When I returned home late on Friday night, I was too tired to check my email, but on Saturday, Erin posted on Facebook BEGGING for people to cover two legs of the trip, even as these dogs are already in transit.  I could not believe the irresponsibility of allowing this transport to start, knowing that she did not have all of the legs covered and that some or all of the dogs on the transport could have ended up stranded, or that a transporter could have been left literally holding the dogs indefinitely until transport could be arranged.  So that next Monday, I contacted Greenville County Animal Care Services to express my concern about this and let them know that I had offered to take dogs with me, an offer that had been ignored.  I heard nothing back in return.  Nothing.

This brings me to this past week.  On Tuesday, I called the Low-Cost Spay Neuter Clinic at Greenville County Animal Care Services because we had been given a generous donation to get some of our cats spayed and neutered, and Greenville has excellent prices for doing so.  I got their voice mail, so I left a message explaining what I needed and asked for a return call.  The call came the next day at 5:50 p.m., from a number I did not recognize so I did not answer the phone.  As soon as I heard the voice mail, I called back IMMEDIATELY, at 5:53  p.m., and got the voice mail again.  I gave them my info once again and asked for another call back.  I did not get one, so on Thursday afternoon, I called yet again and asked yet again for a call back (since as far as I can tell no one EVER answers that phone) and as of Friday morning at 10:22 a.m. I have yet to receive a callback. 

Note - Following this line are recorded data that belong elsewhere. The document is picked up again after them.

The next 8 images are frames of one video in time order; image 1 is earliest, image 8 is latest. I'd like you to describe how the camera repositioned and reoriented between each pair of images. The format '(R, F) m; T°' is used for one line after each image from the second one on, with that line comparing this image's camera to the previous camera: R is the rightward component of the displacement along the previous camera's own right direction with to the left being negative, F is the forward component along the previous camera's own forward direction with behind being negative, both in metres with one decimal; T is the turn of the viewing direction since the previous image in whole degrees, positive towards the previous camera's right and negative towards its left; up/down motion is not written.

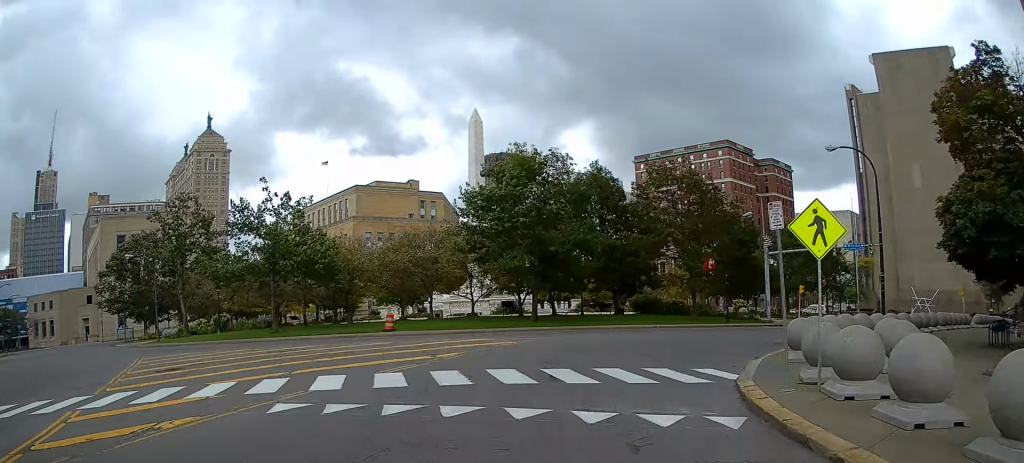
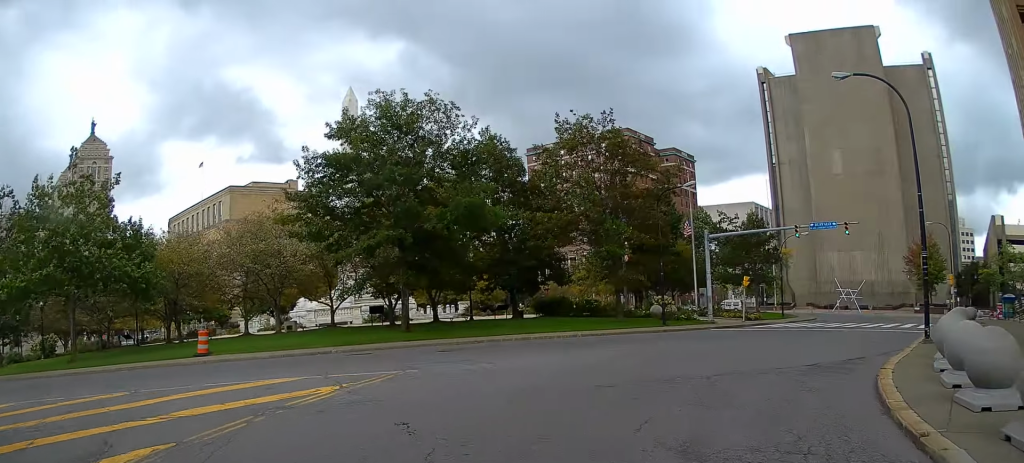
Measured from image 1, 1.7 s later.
(+0.8, +12.1) m; +10°
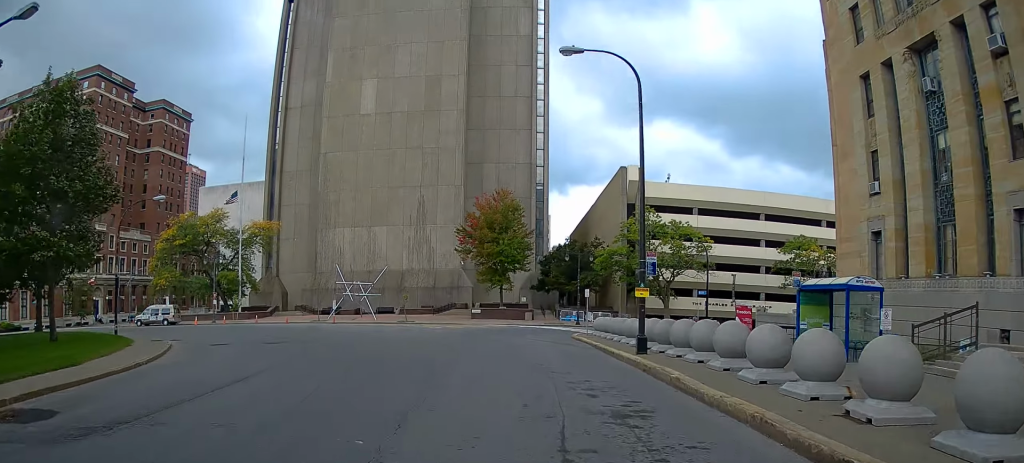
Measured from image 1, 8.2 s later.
(+17.2, +45.4) m; +21°
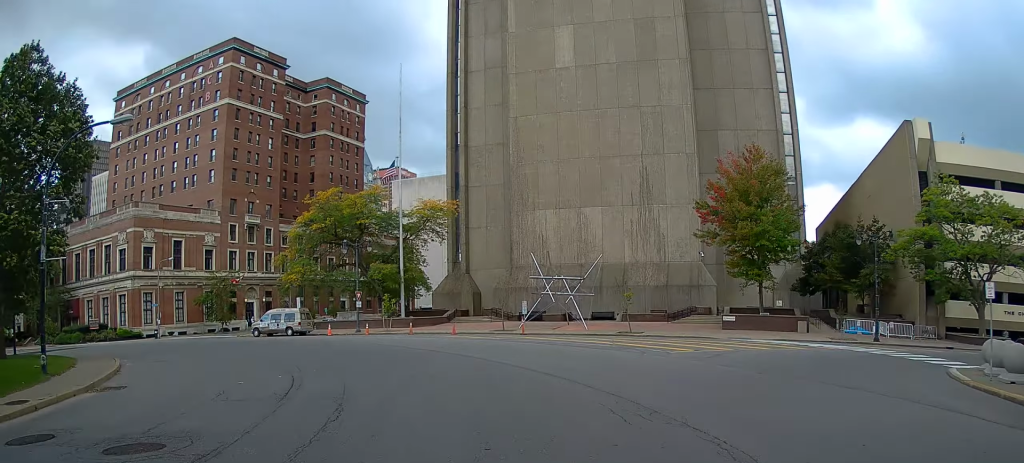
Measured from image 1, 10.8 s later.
(-1.6, +19.3) m; -18°
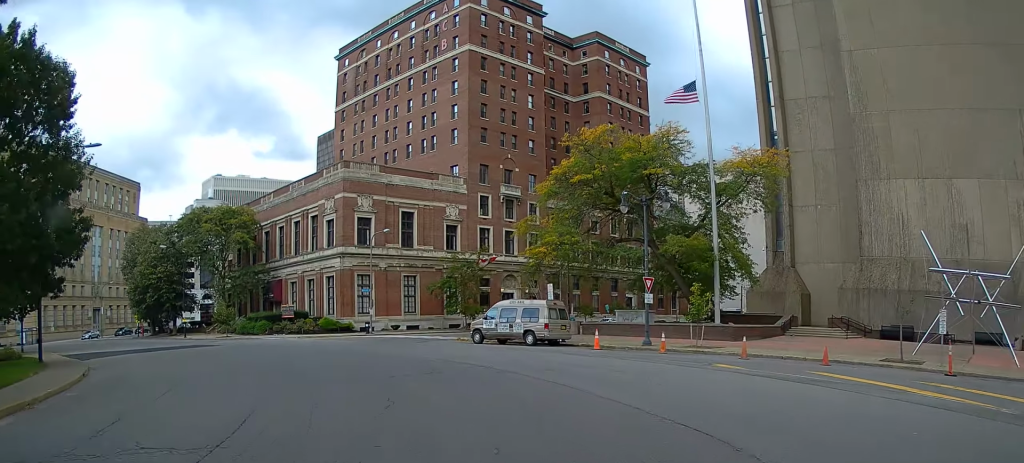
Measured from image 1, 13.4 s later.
(-3.6, +19.3) m; -26°
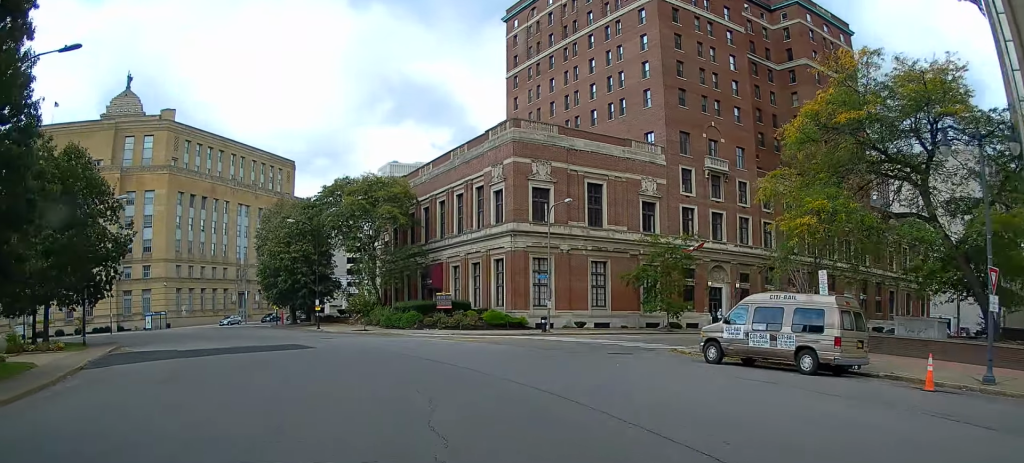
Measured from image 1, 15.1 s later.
(-2.4, +12.9) m; -16°
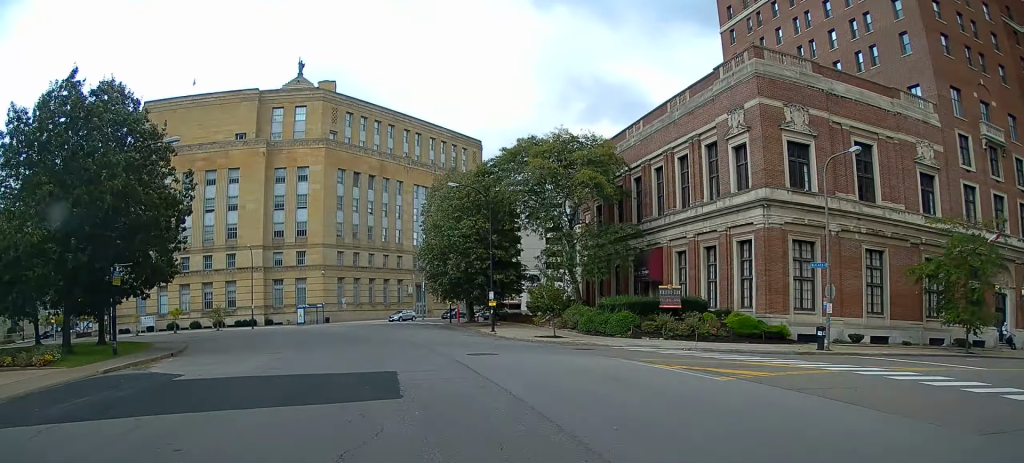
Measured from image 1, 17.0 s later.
(-2.8, +15.2) m; -15°
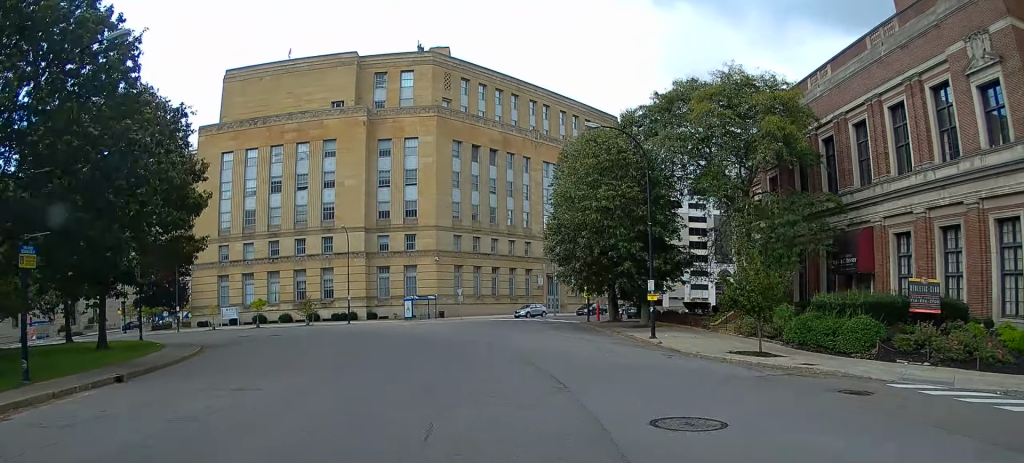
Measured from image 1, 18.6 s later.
(-1.2, +12.7) m; -10°

Not that it matters at this point.   Knowing what I know and reviewing all of this information, there is absolutely NO WAY I would trust our rescue animals to GCACS.  The total irresponsibility these incidences have brought to light show me that taking my animals there would put them at enormous risk, and I cannot in good conscience do that.

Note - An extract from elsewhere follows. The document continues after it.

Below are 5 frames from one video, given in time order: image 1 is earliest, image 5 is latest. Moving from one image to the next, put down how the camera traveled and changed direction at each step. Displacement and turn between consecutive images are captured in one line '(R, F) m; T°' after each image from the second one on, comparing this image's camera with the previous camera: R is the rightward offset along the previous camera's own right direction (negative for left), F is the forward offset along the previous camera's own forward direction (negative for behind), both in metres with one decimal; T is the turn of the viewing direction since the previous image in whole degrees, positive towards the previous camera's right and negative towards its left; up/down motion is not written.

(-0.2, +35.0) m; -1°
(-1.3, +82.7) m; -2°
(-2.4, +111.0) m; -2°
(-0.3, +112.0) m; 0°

Greenville County residents, YOU are paying for all of this.  It is YOUR tax dollars that support this animal shelter.  If I were still living in Greenville County, I can promise you that I would be attending the next County Council meeting to demand answers from at the very least MY representative, and via speaking before council during public speaking time, the entire body.  There's a lot wrong there.  A lot.  Their excuse, every time they are confronted, is they don't have the manpower.  Since I don't live in Greenville County anymore, I don't know if it is still true, but when I lived there, Greenville County was sitting on a boatload of money.  They had a budget surplus.  If that is true, why are public services like the animal shelter going wanting?  Why is it that they do not have the manpower to even just answer the phones?  These are not questions I can go before the Council and ask, because they won't listen to me - I'm not a constituent.  I can tell you that these sorts of things don't go in in Oconee County.  I can tell you that dealing with the shelter in Oconee County is a much more pleasant experience than it is in Greenville County, but we're not as big of a county either.  It is up to you that live in Greenville County to demand answers, from the shelter, from the Council, from each other.  Spartanburg county citizens also have the right to demand answers because they're paying Greenville county to take care of their animals as well.  I think you in Greenville and Spartanburg county should stand up and demand those answers, and demand better treatment of our animals.  Our Bible tells us that we are charged by God as caretakers of this earth and all that are on it.  It's time that we took that a little more seriously.